Find two different integral expressions for P(x > y)

(1) $$\int_{0} ^{1/2}\int_{0} ^y 4(x+y^2),dx\,dy + \int_{1/2} ^{1}\int_{0} ^{1-y} 4(x+y^2),dx\,dy $$

(2) $$\int_{0} ^{1/2}\int_{x} ^{1-x} 4(x+y^2),dy\,dx $$
Are they right?
Looks like you switched the roles of x and y in both cases.
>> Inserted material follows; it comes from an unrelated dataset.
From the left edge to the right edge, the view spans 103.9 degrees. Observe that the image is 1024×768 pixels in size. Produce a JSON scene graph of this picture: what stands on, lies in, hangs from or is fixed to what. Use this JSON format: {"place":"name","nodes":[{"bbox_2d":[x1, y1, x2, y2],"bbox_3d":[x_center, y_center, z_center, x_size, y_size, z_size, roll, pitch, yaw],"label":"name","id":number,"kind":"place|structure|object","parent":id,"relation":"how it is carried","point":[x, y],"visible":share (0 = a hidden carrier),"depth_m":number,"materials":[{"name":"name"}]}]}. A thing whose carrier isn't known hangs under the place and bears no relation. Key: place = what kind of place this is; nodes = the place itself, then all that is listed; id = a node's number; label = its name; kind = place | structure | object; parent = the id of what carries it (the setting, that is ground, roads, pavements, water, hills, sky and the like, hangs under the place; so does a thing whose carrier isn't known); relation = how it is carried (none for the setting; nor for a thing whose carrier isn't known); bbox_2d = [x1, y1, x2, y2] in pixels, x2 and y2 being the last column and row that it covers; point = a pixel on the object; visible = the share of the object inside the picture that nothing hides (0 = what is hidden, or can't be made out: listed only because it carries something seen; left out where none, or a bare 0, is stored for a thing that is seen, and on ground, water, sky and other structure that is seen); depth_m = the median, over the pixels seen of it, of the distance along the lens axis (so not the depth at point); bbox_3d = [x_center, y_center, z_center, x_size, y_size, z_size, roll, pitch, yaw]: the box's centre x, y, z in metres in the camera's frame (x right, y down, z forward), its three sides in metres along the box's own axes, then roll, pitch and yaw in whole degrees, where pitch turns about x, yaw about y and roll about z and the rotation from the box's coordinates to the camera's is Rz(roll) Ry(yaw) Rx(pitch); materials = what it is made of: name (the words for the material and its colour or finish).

If x + y < 1 and x > y, then y can't be greater than 1/2, right? Yet in (1), you have an integral for 1/2 < y < 1.
 
Askhwhelp said:
Second , find P(Y > 1/2 | X < 1/2). the set up I have is = P(Y > 1/2, X < 1/2)/P(X<1/2)= $$\int_{1/2} ^{1}\int_{0} ^{1-y} 4(x+y^2),dx\,dy / \int_{0} ^{1/2}\int_{0} ^{1-x} 4(x+y^2),dy\,dx $$ is this set up right?
Looks good.

Third, find P(Y > 1/2 | X > 1/2) I found that the prob should be 0 because there no intersection for Y > 1/2 and X > 1/2 ? Right?
I assuming that was a typo. Yes, your reasoning is correct.
 
vela said:
Looks good.


I assuming that was a typo. Yes, your reasoning is correct.
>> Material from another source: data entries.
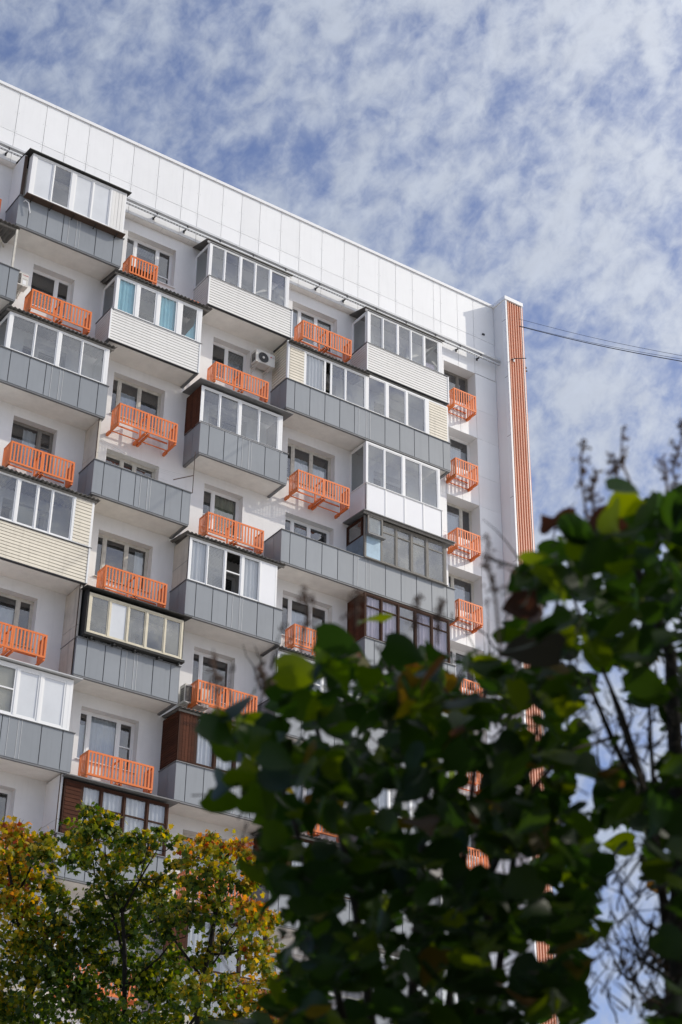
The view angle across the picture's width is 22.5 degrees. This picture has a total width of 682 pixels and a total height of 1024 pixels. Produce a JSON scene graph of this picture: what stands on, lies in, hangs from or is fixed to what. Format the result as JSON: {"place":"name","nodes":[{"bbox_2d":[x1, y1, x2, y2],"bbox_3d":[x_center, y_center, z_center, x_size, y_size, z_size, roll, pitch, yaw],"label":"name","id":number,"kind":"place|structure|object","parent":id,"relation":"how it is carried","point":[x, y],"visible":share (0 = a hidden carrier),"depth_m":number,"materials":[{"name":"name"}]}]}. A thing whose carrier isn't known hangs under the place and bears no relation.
{"place":"outdoors","nodes":[
{"label":"outdoors","id":0,"kind":"place"},
{"bbox_2d":[0,815,102,1023],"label":"maple tree","id":1,"kind":"object","parent":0,"point":[25,947],"visible":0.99,"depth_m":27.12,"materials":[{"name":"green plant"}]},
{"bbox_2d":[37,800,194,1023],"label":"maple tree","id":2,"kind":"object","parent":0,"point":[145,972],"visible":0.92,"depth_m":26.95,"materials":[{"name":"green plant"}]},
{"bbox_2d":[158,828,286,1023],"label":"maple tree","id":3,"kind":"object","parent":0,"point":[210,846],"visible":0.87,"depth_m":26.15,"materials":[{"name":"green plant"}]},
{"bbox_2d":[0,80,557,1023],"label":"apartment building","id":4,"kind":"structure","parent":0,"point":[378,430],"depth_m":53.38,"materials":[{"name":"white paint"}]},
{"bbox_2d":[0,789,11,840],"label":"window","id":5,"kind":"structure","parent":4,"relation":"in","point":[9,793],"depth_m":44.82,"materials":[{"name":"white plastic"}]},
{"bbox_2d":[0,592,33,649],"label":"window","id":6,"kind":"structure","parent":4,"relation":"in","point":[6,615],"depth_m":47.36,"materials":[{"name":"white plastic"}]},
{"bbox_2d":[16,271,28,298],"bbox_3d":[-9.850,-6.897,51.699,0.758,0.725,0.400,20,-36,-29],"label":"air conditioner","id":7,"kind":"object","parent":4,"relation":"attached to","point":[23,280],"visible":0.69,"depth_m":51.73,"materials":[{"name":"beige plastic"}]},
{"bbox_2d":[2,502,43,529],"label":"window","id":8,"kind":"structure","parent":4,"relation":"in","point":[41,517],"depth_m":49.08,"materials":[{"name":"white plastic"}]},
{"bbox_2d":[0,621,47,665],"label":"facade basket","id":9,"kind":"object","parent":4,"relation":"attached to","point":[40,654],"visible":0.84,"depth_m":46.01,"materials":[{"name":"orange metal"}]},
{"bbox_2d":[13,420,53,471],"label":"window","id":10,"kind":"structure","parent":4,"relation":"in","point":[28,439],"depth_m":50.30,"materials":[{"name":"white plastic"}]},
{"bbox_2d":[2,441,74,487],"bbox_3d":[-8.706,-1.232,49.047,2.012,0.775,0.780,20,-36,-29],"label":"facade basket","id":11,"kind":"object","parent":4,"relation":"attached to","point":[7,460],"visible":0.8,"depth_m":48.79,"materials":[{"name":"orange metal"}]},
{"bbox_2d":[23,343,62,366],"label":"window","id":12,"kind":"structure","parent":4,"relation":"in","point":[36,351],"depth_m":51.80,"materials":[{"name":"white plastic"}]},
{"bbox_2d":[32,269,70,319],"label":"window","id":13,"kind":"structure","parent":4,"relation":"in","point":[56,281],"depth_m":53.15,"materials":[{"name":"white plastic"}]},
{"bbox_2d":[23,289,91,335],"bbox_3d":[-8.620,-5.886,51.824,2.012,0.775,0.780,20,-36,-29],"label":"facade basket","id":14,"kind":"object","parent":4,"relation":"attached to","point":[28,306],"visible":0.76,"depth_m":51.56,"materials":[{"name":"orange metal"}]},
{"bbox_2d":[66,911,117,972],"bbox_3d":[-6.554,11.142,44.353,1.850,1.570,0.469,20,-36,-29],"label":"window","id":15,"kind":"structure","parent":4,"relation":"in","point":[69,918],"depth_m":44.53,"materials":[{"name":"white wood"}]},
{"bbox_2d":[54,964,136,1010],"bbox_3d":[-6.195,11.979,43.359,2.012,0.775,0.780,20,-36,-29],"label":"facade basket","id":16,"kind":"object","parent":4,"relation":"attached to","point":[131,1002],"visible":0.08,"depth_m":43.19,"materials":[{"name":"orange metal"}]},
{"bbox_2d":[76,710,136,773],"bbox_3d":[-6.482,6.327,47.212,1.850,1.570,0.466,20,-36,-29],"label":"window","id":17,"kind":"structure","parent":4,"relation":"in","point":[100,733],"depth_m":47.42,"materials":[{"name":"white plastic"}]},
{"bbox_2d":[78,750,153,793],"bbox_3d":[-6.123,7.121,46.244,2.012,0.775,0.780,20,-36,-29],"label":"facade basket","id":18,"kind":"object","parent":4,"relation":"attached to","point":[148,777],"visible":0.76,"depth_m":45.95,"materials":[{"name":"orange metal"}]},
{"bbox_2d":[90,619,141,653],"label":"window","id":19,"kind":"structure","parent":4,"relation":"in","point":[100,626],"depth_m":48.88,"materials":[{"name":"white plastic"}]},
{"bbox_2d":[94,534,150,593],"bbox_3d":[-6.410,1.513,50.072,1.850,1.570,0.467,20,-36,-29],"label":"window","id":20,"kind":"structure","parent":4,"relation":"in","point":[138,560],"depth_m":50.46,"materials":[{"name":"white plastic"}]},
{"bbox_2d":[106,453,154,478],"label":"window","id":21,"kind":"structure","parent":4,"relation":"in","point":[121,463],"depth_m":51.93,"materials":[{"name":"white plastic"}]},
{"bbox_2d":[96,565,167,607],"bbox_3d":[-6.051,2.281,49.119,2.012,0.775,0.780,20,-36,-29],"label":"facade basket","id":22,"kind":"object","parent":4,"relation":"attached to","point":[162,591],"visible":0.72,"depth_m":48.85,"materials":[{"name":"orange metal"}]},
{"bbox_2d":[109,377,162,432],"bbox_3d":[-6.329,-3.309,52.919,1.850,1.570,0.432,20,-36,-29],"label":"window","id":23,"kind":"structure","parent":4,"relation":"in","point":[123,398],"depth_m":53.10,"materials":[{"name":"white plastic"}]},
{"bbox_2d":[122,255,157,284],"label":"facade basket","id":24,"kind":"object","parent":4,"relation":"attached to","point":[127,269],"visible":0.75,"depth_m":54.23,"materials":[{"name":"orange metal"}]},
{"bbox_2d":[130,266,152,282],"bbox_3d":[-6.349,-7.507,54.340,0.840,0.400,0.040,20,-36,-29],"label":"board stack","id":25,"kind":"object","parent":24,"relation":"in","point":[142,275],"visible":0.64,"depth_m":54.36,"materials":[{"name":"orange metal"}]},
{"bbox_2d":[106,403,177,456],"bbox_3d":[-6.014,-2.485,51.923,2.012,0.775,0.780,20,-36,-29],"label":"facade basket","id":26,"kind":"object","parent":4,"relation":"attached to","point":[172,441],"visible":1,"depth_m":51.69,"materials":[{"name":"orange metal"}]},
{"bbox_2d":[139,312,152,321],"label":"window","id":27,"kind":"structure","parent":4,"relation":"in","point":[148,318],"depth_m":54.84,"materials":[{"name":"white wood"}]},
{"bbox_2d":[100,439,195,492],"bbox_3d":[-5.764,-1.642,50.883,3.175,1.460,0.402,14,-33,-21],"label":"clothesline","id":28,"kind":"object","parent":4,"relation":"attached to","point":[159,468],"visible":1,"depth_m":50.97,"materials":[{"name":"grey"}]},
{"bbox_2d":[128,236,174,288],"bbox_3d":[-6.249,-8.129,55.767,1.850,1.570,0.402,20,-36,-29],"label":"window","id":29,"kind":"structure","parent":4,"relation":"in","point":[135,242],"depth_m":56.11,"materials":[{"name":"white plastic"}]},
{"bbox_2d":[179,683,209,711],"bbox_3d":[-4.221,5.429,48.978,0.808,0.815,0.450,20,-36,-29],"label":"air conditioner","id":30,"kind":"object","parent":4,"relation":"attached to","point":[185,694],"visible":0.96,"depth_m":48.84,"materials":[{"name":"beige plastic"}]},
{"bbox_2d":[183,833,219,891],"bbox_3d":[-3.888,9.690,47.325,1.460,1.570,0.469,20,-36,-29],"label":"window","id":31,"kind":"structure","parent":4,"relation":"in","point":[192,837],"depth_m":47.56,"materials":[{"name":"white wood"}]},
{"bbox_2d":[175,870,243,917],"bbox_3d":[-3.539,10.350,46.425,2.012,0.775,0.780,20,-36,-29],"label":"facade basket","id":32,"kind":"object","parent":4,"relation":"attached to","point":[182,888],"visible":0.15,"depth_m":45.99,"materials":[{"name":"orange metal"}]},
{"bbox_2d":[194,650,230,705],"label":"window","id":33,"kind":"structure","parent":4,"relation":"in","point":[200,660],"depth_m":50.43,"materials":[{"name":"white plastic"}]},
{"bbox_2d":[208,570,234,591],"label":"window","id":34,"kind":"structure","parent":4,"relation":"in","point":[232,583],"depth_m":52.20,"materials":[{"name":"plastic"}]},
{"bbox_2d":[203,488,240,539],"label":"window","id":35,"kind":"structure","parent":4,"relation":"in","point":[219,506],"depth_m":53.44,"materials":[{"name":"white plastic"}]},
{"bbox_2d":[187,679,257,714],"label":"facade basket","id":36,"kind":"object","parent":4,"relation":"attached to","point":[251,706],"visible":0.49,"depth_m":48.89,"materials":[{"name":"orange metal"}]},
{"bbox_2d":[209,413,242,435],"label":"window","id":37,"kind":"structure","parent":4,"relation":"in","point":[211,415],"depth_m":54.96,"materials":[{"name":"white plastic"}]},
{"bbox_2d":[198,511,263,553],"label":"facade basket","id":38,"kind":"object","parent":4,"relation":"attached to","point":[258,541],"visible":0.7,"depth_m":51.84,"materials":[{"name":"orange metal"}]},
{"bbox_2d":[212,342,249,390],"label":"window","id":39,"kind":"structure","parent":4,"relation":"in","point":[227,362],"depth_m":56.26,"materials":[{"name":"white plastic"}]},
{"bbox_2d":[218,274,249,290],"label":"window","id":40,"kind":"structure","parent":4,"relation":"in","point":[219,276],"depth_m":57.78,"materials":[{"name":"white plastic"}]},
{"bbox_2d":[207,361,268,402],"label":"facade basket","id":41,"kind":"object","parent":4,"relation":"attached to","point":[263,393],"visible":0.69,"depth_m":54.62,"materials":[{"name":"orange metal"}]},
{"bbox_2d":[250,348,274,379],"bbox_3d":[-2.598,-4.827,56.208,0.728,0.735,0.500,20,-36,-29],"label":"air conditioner","id":42,"kind":"object","parent":4,"relation":"attached to","point":[263,360],"visible":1,"depth_m":56.10,"materials":[{"name":"beige plastic"}]},
{"bbox_2d":[270,953,305,991],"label":"window","id":43,"kind":"structure","parent":4,"relation":"in","point":[277,970],"depth_m":47.52,"materials":[{"name":"grey glass"}]},
{"bbox_2d":[287,786,306,800],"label":"window","id":44,"kind":"structure","parent":4,"relation":"in","point":[304,792],"depth_m":50.50,"materials":[{"name":"grey glass"}]},
{"bbox_2d":[285,624,315,654],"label":"facade basket","id":45,"kind":"object","parent":4,"relation":"attached to","point":[288,635],"visible":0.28,"depth_m":51.68,"materials":[{"name":"orange metal"}]},
{"bbox_2d":[281,594,327,644],"bbox_3d":[-1.132,3.419,53.148,1.910,1.570,0.433,20,-36,-29],"label":"window","id":46,"kind":"structure","parent":4,"relation":"in","point":[293,617],"depth_m":53.29,"materials":[{"name":"white plastic"}]},
{"bbox_2d":[285,516,328,543],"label":"window","id":47,"kind":"structure","parent":4,"relation":"in","point":[308,528],"depth_m":54.96,"materials":[{"name":"white plastic"}]},
{"bbox_2d":[287,443,334,495],"bbox_3d":[-1.061,-1.395,56.009,1.910,1.570,0.435,20,-36,-29],"label":"window","id":48,"kind":"structure","parent":4,"relation":"in","point":[295,464],"depth_m":56.25,"materials":[{"name":"white plastic"}]},
{"bbox_2d":[292,306,335,354],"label":"window","id":49,"kind":"structure","parent":4,"relation":"in","point":[297,314],"depth_m":59.12,"materials":[{"name":"white plastic"}]},
{"bbox_2d":[284,469,349,518],"bbox_3d":[-0.762,-0.569,54.997,2.012,0.775,0.780,20,-36,-29],"label":"facade basket","id":50,"kind":"object","parent":4,"relation":"attached to","point":[344,498],"visible":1,"depth_m":54.76,"materials":[{"name":"orange metal"}]},
{"bbox_2d":[307,825,337,842],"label":"facade basket","id":51,"kind":"object","parent":4,"relation":"attached to","point":[317,832],"visible":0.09,"depth_m":48.99,"materials":[{"name":"orange metal"}]},
{"bbox_2d":[294,320,351,362],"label":"facade basket","id":52,"kind":"object","parent":4,"relation":"attached to","point":[347,349],"visible":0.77,"depth_m":57.75,"materials":[{"name":"orange metal"}]},
{"bbox_2d":[374,476,400,493],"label":"window","id":53,"kind":"structure","parent":4,"relation":"in","point":[389,483],"depth_m":58.13,"materials":[{"name":"white plastic"}]},
{"bbox_2d":[374,341,401,355],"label":"window","id":54,"kind":"structure","parent":4,"relation":"in","point":[379,344],"depth_m":60.89,"materials":[{"name":"white plastic"}]},
{"bbox_2d":[374,407,402,422],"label":"window","id":55,"kind":"structure","parent":4,"relation":"in","point":[381,411],"depth_m":59.51,"materials":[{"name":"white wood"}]},
{"bbox_2d":[382,551,403,567],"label":"window","id":56,"kind":"structure","parent":4,"relation":"in","point":[383,551],"depth_m":56.69,"materials":[{"name":"plastic"}]},
{"bbox_2d":[390,794,404,808],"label":"window","id":57,"kind":"structure","parent":4,"relation":"in","point":[391,795],"depth_m":52.41,"materials":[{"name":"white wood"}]},
{"bbox_2d":[426,363,433,369],"bbox_3d":[3.128,-5.068,59.996,0.461,0.235,0.010,20,-36,-29],"label":"paper sign","id":58,"kind":"object","parent":4,"relation":"attached to","point":[428,365],"visible":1,"depth_m":60.00,"materials":[{"name":"grey"}]},
{"bbox_2d":[444,370,467,403],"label":"window","id":59,"kind":"structure","parent":4,"relation":"in","point":[457,377],"depth_m":62.27,"materials":[{"name":"white plastic"}]},
{"bbox_2d":[448,435,469,471],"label":"window","id":60,"kind":"structure","parent":4,"relation":"in","point":[454,453],"depth_m":60.82,"materials":[{"name":"white plastic"}]},
{"bbox_2d":[447,502,471,540],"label":"window","id":61,"kind":"structure","parent":4,"relation":"in","point":[452,522],"depth_m":59.26,"materials":[{"name":"white plastic"}]},
{"bbox_2d":[448,573,473,612],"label":"window","id":62,"kind":"structure","parent":4,"relation":"in","point":[459,594],"depth_m":57.92,"materials":[{"name":"white plastic"}]},
{"bbox_2d":[447,387,476,421],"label":"facade basket","id":63,"kind":"object","parent":4,"relation":"attached to","point":[470,408],"visible":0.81,"depth_m":60.56,"materials":[{"name":"orange metal"}]},
{"bbox_2d":[446,457,478,491],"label":"facade basket","id":64,"kind":"object","parent":4,"relation":"attached to","point":[451,476],"visible":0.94,"depth_m":59.04,"materials":[{"name":"orange metal"}]},
{"bbox_2d":[450,648,475,687],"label":"window","id":65,"kind":"structure","parent":4,"relation":"in","point":[453,651],"depth_m":56.43,"materials":[{"name":"white plastic"}]},
{"bbox_2d":[447,527,480,561],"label":"facade basket","id":66,"kind":"object","parent":4,"relation":"attached to","point":[475,546],"visible":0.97,"depth_m":57.65,"materials":[{"name":"orange metal"}]},
{"bbox_2d":[450,599,482,633],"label":"facade basket","id":67,"kind":"object","parent":4,"relation":"attached to","point":[477,619],"visible":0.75,"depth_m":56.27,"materials":[{"name":"orange metal"}]},
{"bbox_2d":[460,679,482,695],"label":"facade basket","id":68,"kind":"object","parent":4,"relation":"attached to","point":[479,689],"visible":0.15,"depth_m":54.80,"materials":[{"name":"orange metal"}]},
{"bbox_2d":[463,772,481,792],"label":"facade basket","id":69,"kind":"object","parent":4,"relation":"attached to","point":[477,780],"visible":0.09,"depth_m":53.40,"materials":[{"name":"orange metal"}]},
{"bbox_2d":[468,847,488,867],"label":"facade basket","id":70,"kind":"object","parent":4,"relation":"attached to","point":[483,858],"visible":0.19,"depth_m":51.97,"materials":[{"name":"orange metal"}]},
{"bbox_2d":[519,326,681,361],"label":"overhead cable","id":71,"kind":"object","parent":4,"relation":"attached to","point":[603,346],"visible":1,"depth_m":52.22,"materials":[{"name":"grey plastic"}]},
{"bbox_2d":[520,319,681,355],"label":"overhead cable","id":72,"kind":"object","parent":4,"relation":"attached to","point":[605,340],"visible":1,"depth_m":51.98,"materials":[{"name":"grey plastic"}]},
{"bbox_2d":[522,326,679,358],"bbox_3d":[10.367,-4.012,47.100,0.012,13.744,17.370,18,-35,-26],"label":"overhead cable","id":73,"kind":"object","parent":4,"relation":"attached to","point":[605,345],"visible":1,"depth_m":52.15,"materials":[{"name":"grey plastic"}]},
{"bbox_2d":[0,0,681,1023],"label":"sky","id":74,"kind":"structure","parent":0,"point":[529,152],"materials":[{"name":"blue"}]},
{"bbox_2d":[183,585,600,1023],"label":"lilac bush","id":75,"kind":"object","parent":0,"point":[478,915],"visible":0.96,"depth_m":2.90,"materials":[{"name":"green plant"}]},
{"bbox_2d":[481,418,681,1023],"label":"lilac bush","id":76,"kind":"object","parent":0,"point":[621,536],"visible":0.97,"depth_m":2.74,"materials":[{"name":"green plant"}]}
]}

Thank you for pointing it out
 
vela said:
Looks like you switched the roles of x and y in both cases.

If x + y < 1 and x > y, then y can't be greater than 1/2, right? Yet in (1), you have an integral for 1/2 < y < 1.
My typo it should P(y> x). With this prob., my (1) and (2) should be right?